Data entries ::
• • •

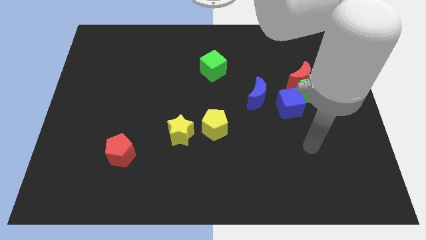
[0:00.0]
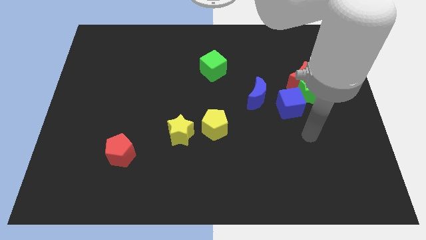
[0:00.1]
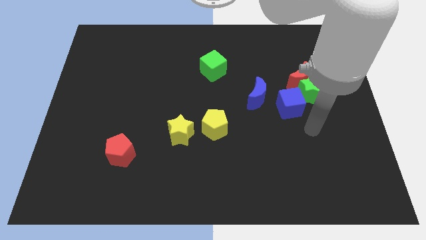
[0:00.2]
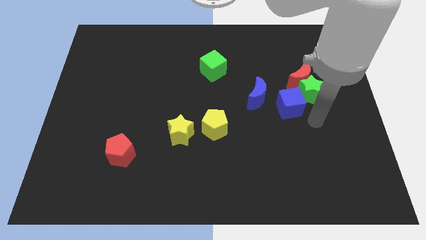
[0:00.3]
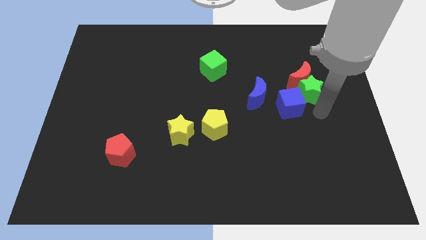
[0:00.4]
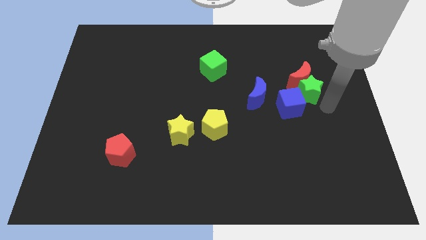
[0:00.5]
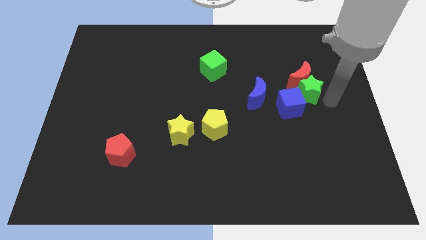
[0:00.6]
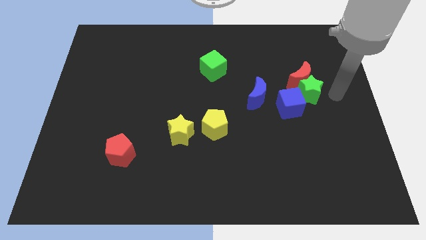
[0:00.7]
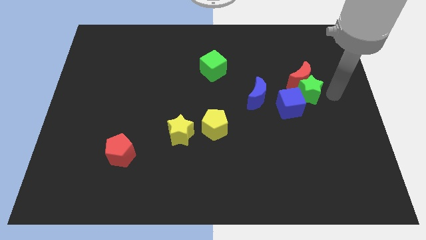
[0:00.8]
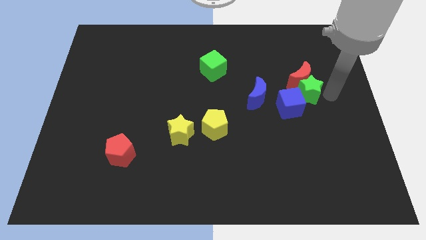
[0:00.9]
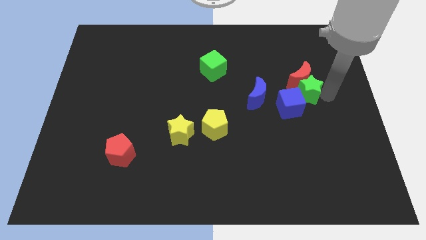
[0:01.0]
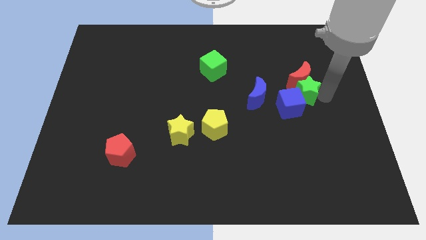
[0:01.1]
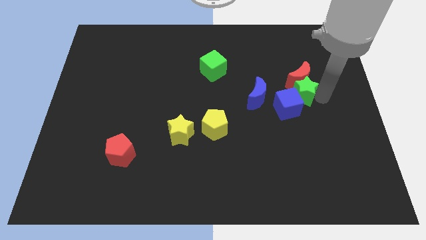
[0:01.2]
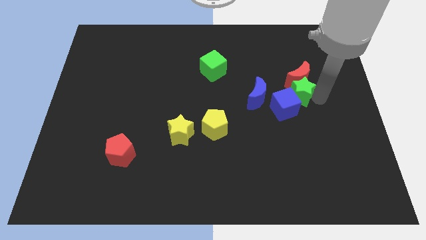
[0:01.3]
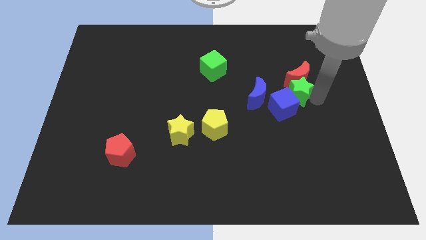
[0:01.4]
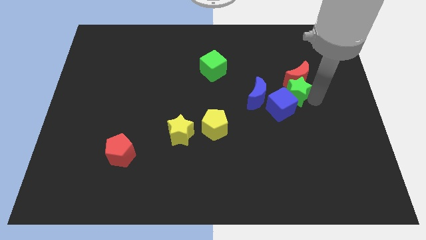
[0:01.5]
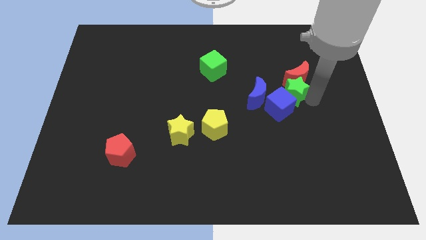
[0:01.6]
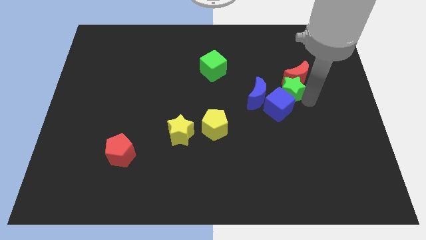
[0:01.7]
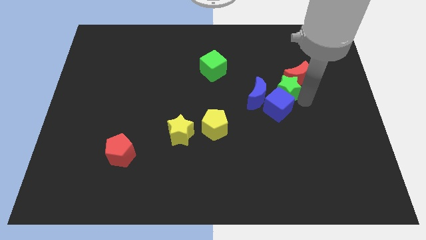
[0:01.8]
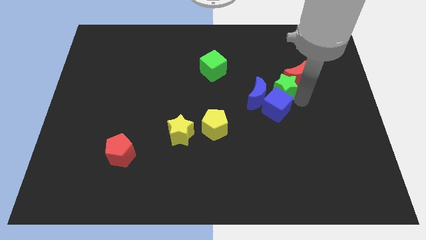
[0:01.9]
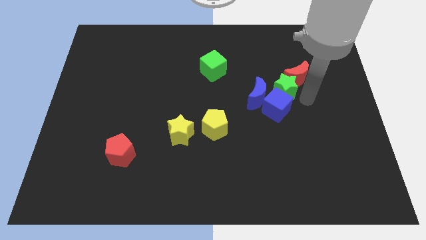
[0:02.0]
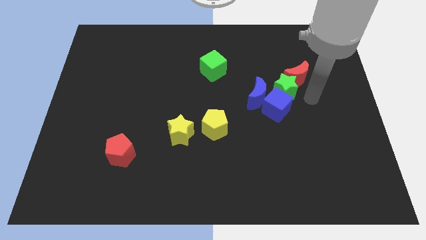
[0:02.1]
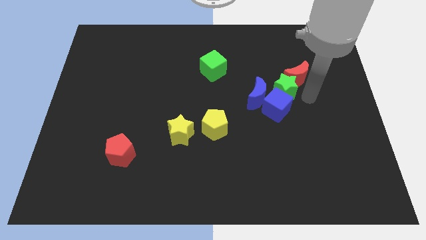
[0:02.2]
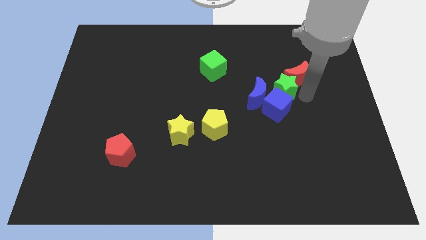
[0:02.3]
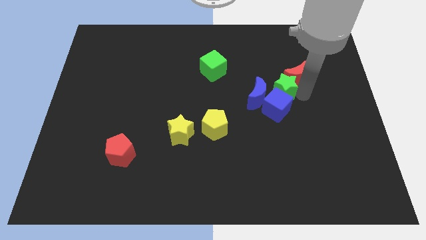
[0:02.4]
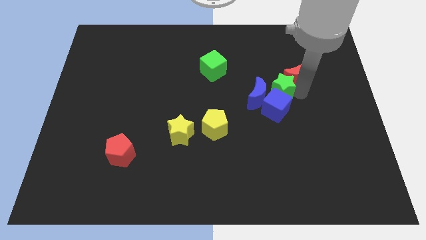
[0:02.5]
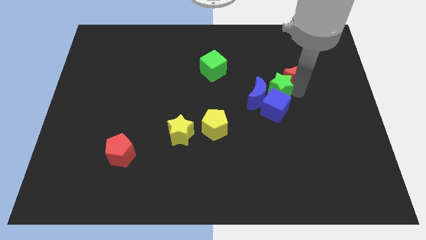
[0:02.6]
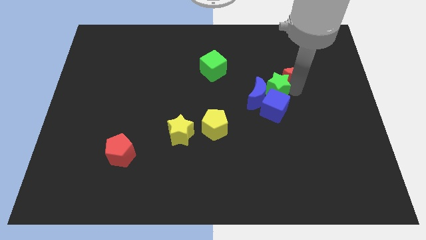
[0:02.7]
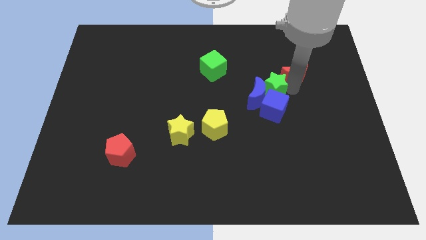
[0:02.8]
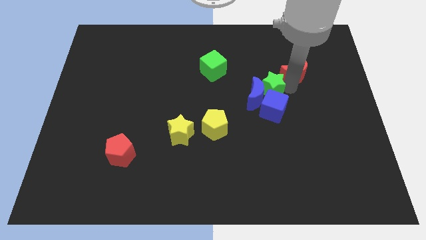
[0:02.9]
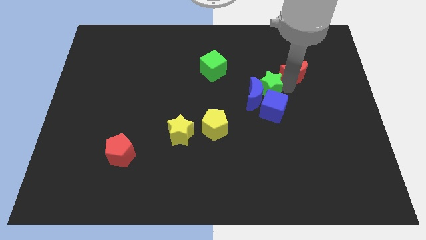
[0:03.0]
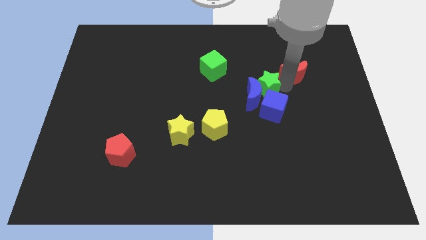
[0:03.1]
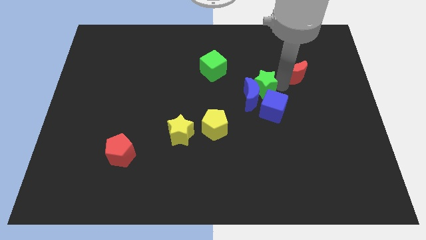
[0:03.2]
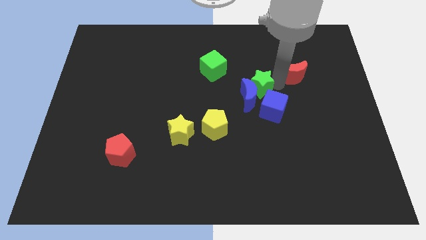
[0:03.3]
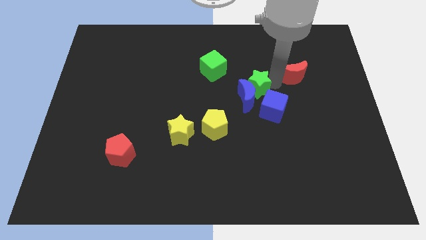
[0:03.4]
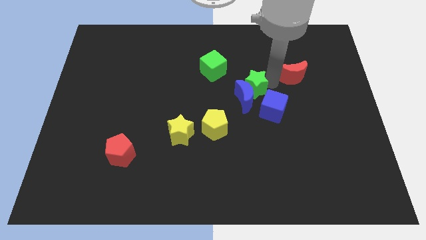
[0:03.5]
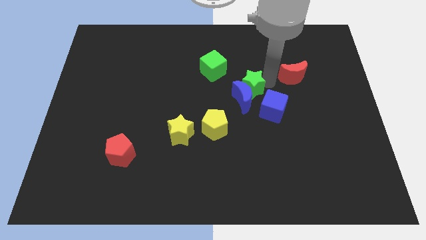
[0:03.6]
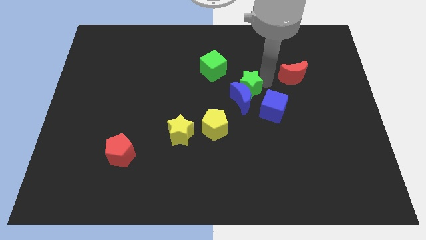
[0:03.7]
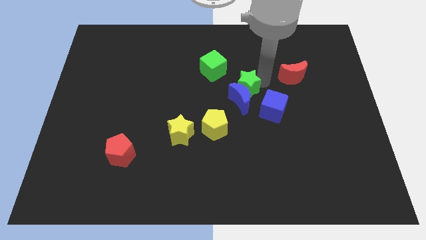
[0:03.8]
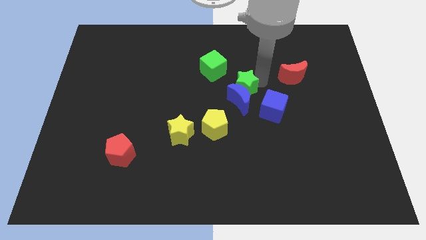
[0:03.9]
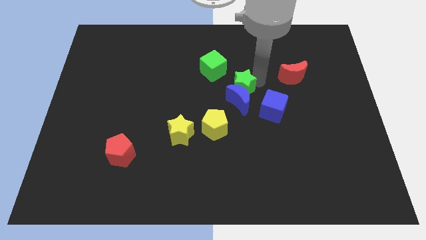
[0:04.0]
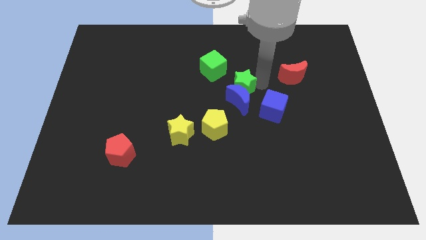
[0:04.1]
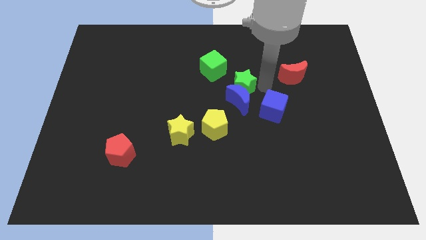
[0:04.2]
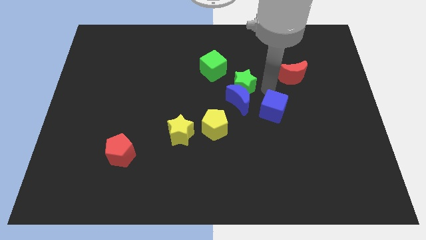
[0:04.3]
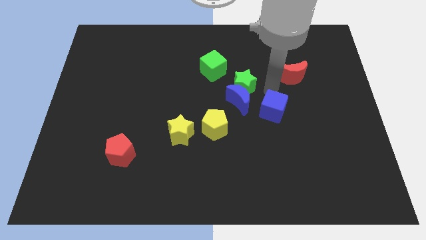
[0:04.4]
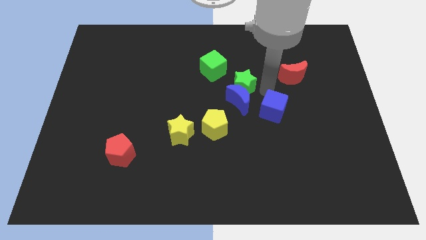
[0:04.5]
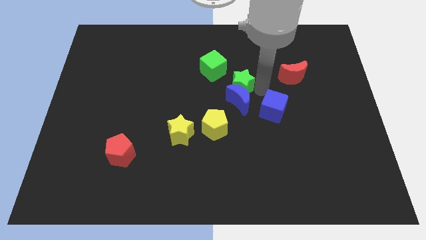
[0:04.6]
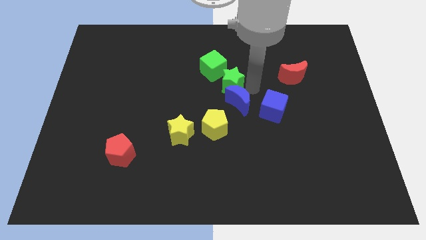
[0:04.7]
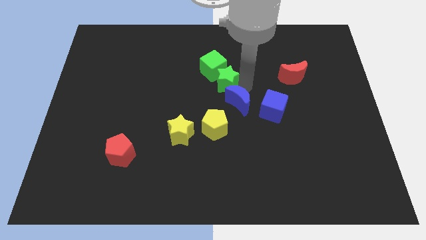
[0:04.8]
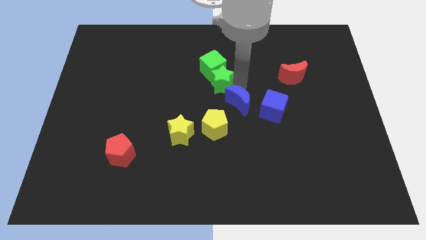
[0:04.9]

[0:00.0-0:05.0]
move the green star to the left

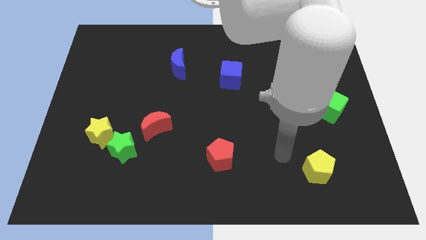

• • •

Your objective :: If an entry holds a picture, leave the picture out and repeat the rest exactly.

Result of the task ::
[0:00.0]
[0:00.1]
[0:00.2]
[0:00.3]
[0:00.4]
[0:00.5]
[0:00.6]
[0:00.7]
[0:00.8]
[0:00.9]
[0:01.0]
[0:01.1]
[0:01.2]
[0:01.3]
[0:01.4]
[0:01.5]
[0:01.6]
[0:01.7]
[0:01.8]
[0:01.9]
[0:02.0]
[0:02.1]
[0:02.2]
[0:02.3]
[0:02.4]
[0:02.5]
[0:02.6]
[0:02.7]
[0:02.8]
[0:02.9]
[0:03.0]
[0:03.1]
[0:03.2]
[0:03.3]
[0:03.4]
[0:03.5]
[0:03.6]
[0:03.7]
[0:03.8]
[0:03.9]
[0:04.0]
[0:04.1]
[0:04.2]
[0:04.3]
[0:04.4]
[0:04.5]
[0:04.6]
[0:04.7]
[0:04.8]
[0:04.9]

[0:00.0-0:05.0]
move the green star to the left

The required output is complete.